* Task
Leaving the pictures aside, return all of the data below exactly.

* Records provided
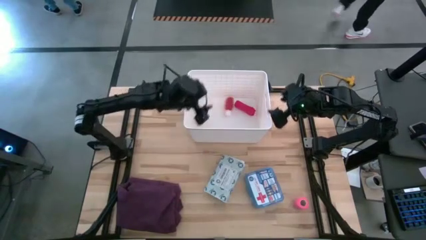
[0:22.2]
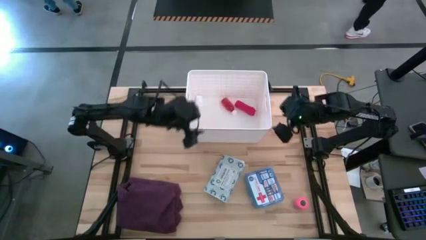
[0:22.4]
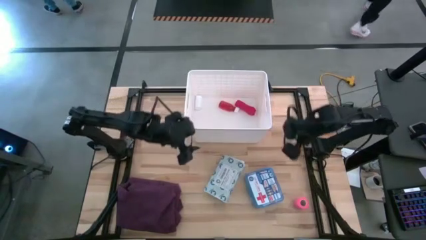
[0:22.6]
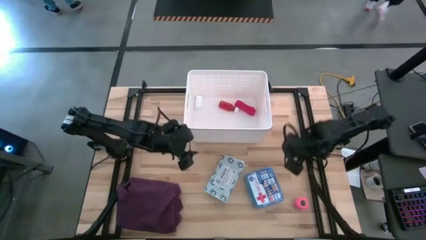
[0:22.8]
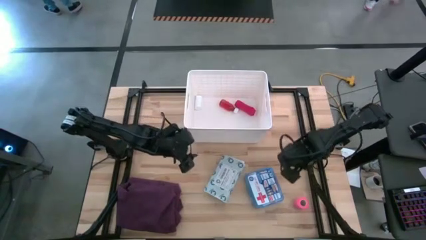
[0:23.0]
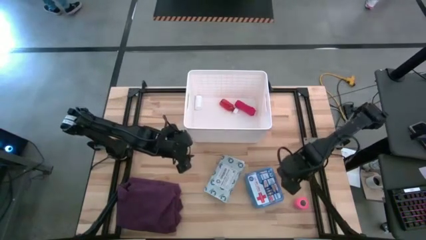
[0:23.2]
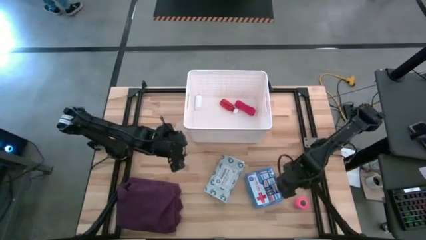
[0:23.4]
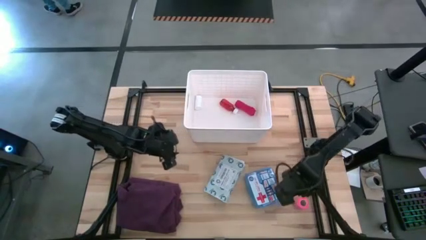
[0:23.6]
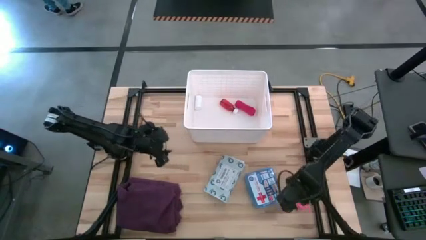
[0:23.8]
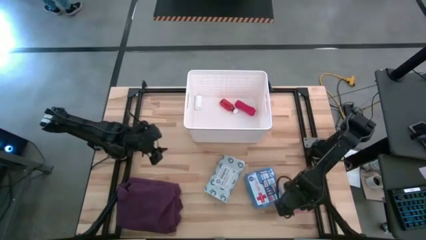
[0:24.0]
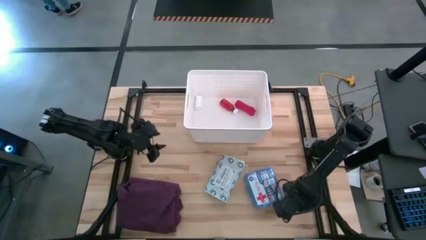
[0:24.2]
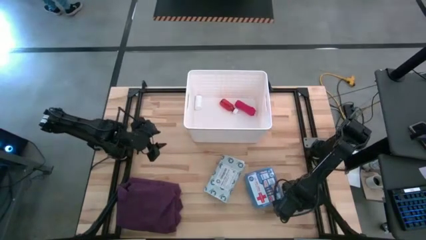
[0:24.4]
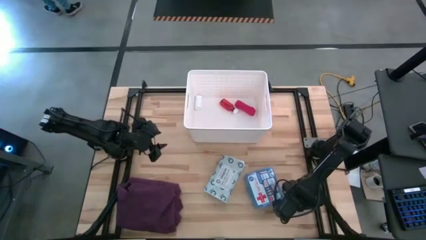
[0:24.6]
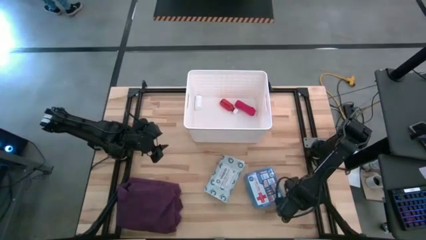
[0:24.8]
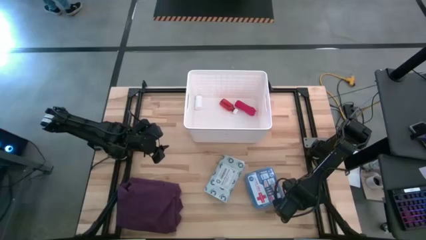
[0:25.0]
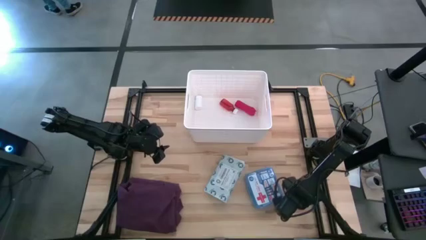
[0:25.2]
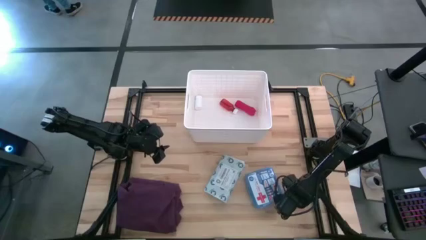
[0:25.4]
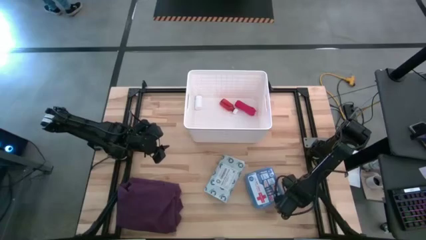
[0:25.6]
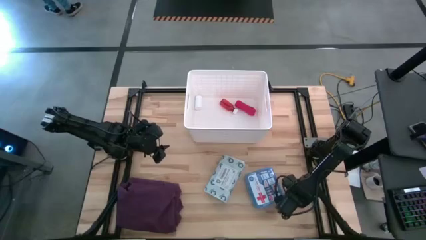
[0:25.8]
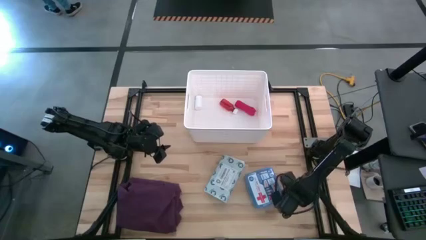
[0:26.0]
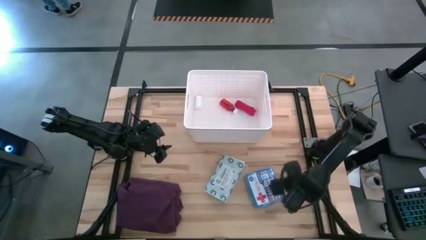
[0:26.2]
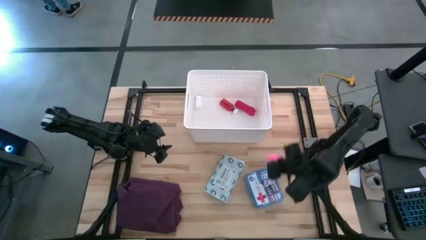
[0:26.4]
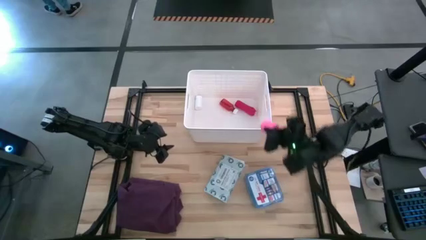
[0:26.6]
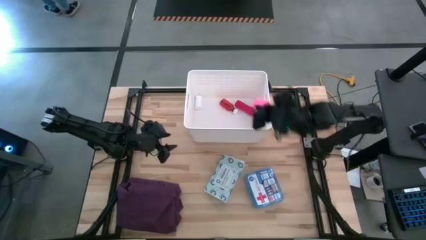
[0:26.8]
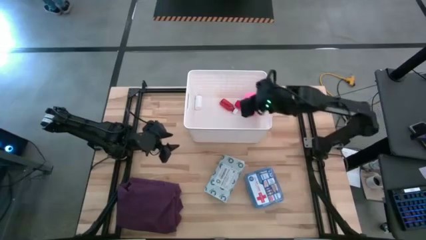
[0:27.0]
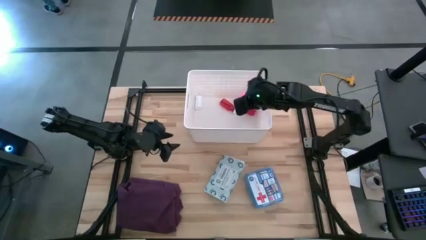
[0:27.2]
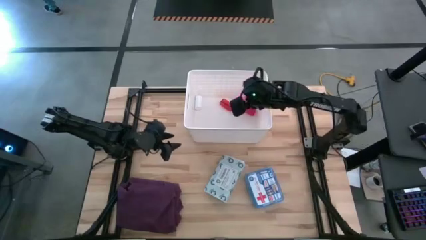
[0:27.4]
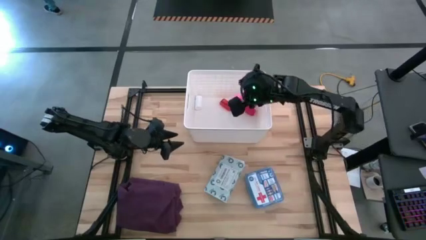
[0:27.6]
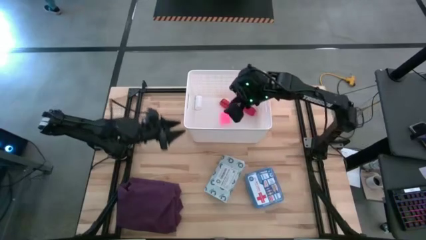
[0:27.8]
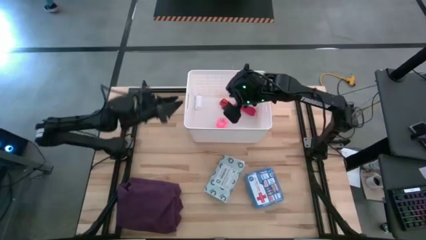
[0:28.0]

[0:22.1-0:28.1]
Task: Pick & place medical supplies in basket/bin
Put the pink bandage into the white bin

* Task response
[0:22.2]
[0:22.4]
[0:22.6]
[0:22.8]
[0:23.0]
[0:23.2]
[0:23.4]
[0:23.6]
[0:23.8]
[0:24.0]
[0:24.2]
[0:24.4]
[0:24.6]
[0:24.8]
[0:25.0]
[0:25.2]
[0:25.4]
[0:25.6]
[0:25.8]
[0:26.0]
[0:26.2]
[0:26.4]
[0:26.6]
[0:26.8]
[0:27.0]
[0:27.2]
[0:27.4]
[0:27.6]
[0:27.8]
[0:28.0]

[0:22.1-0:28.1]
Task: Pick & place medical supplies in basket/bin
Put the pink bandage into the white bin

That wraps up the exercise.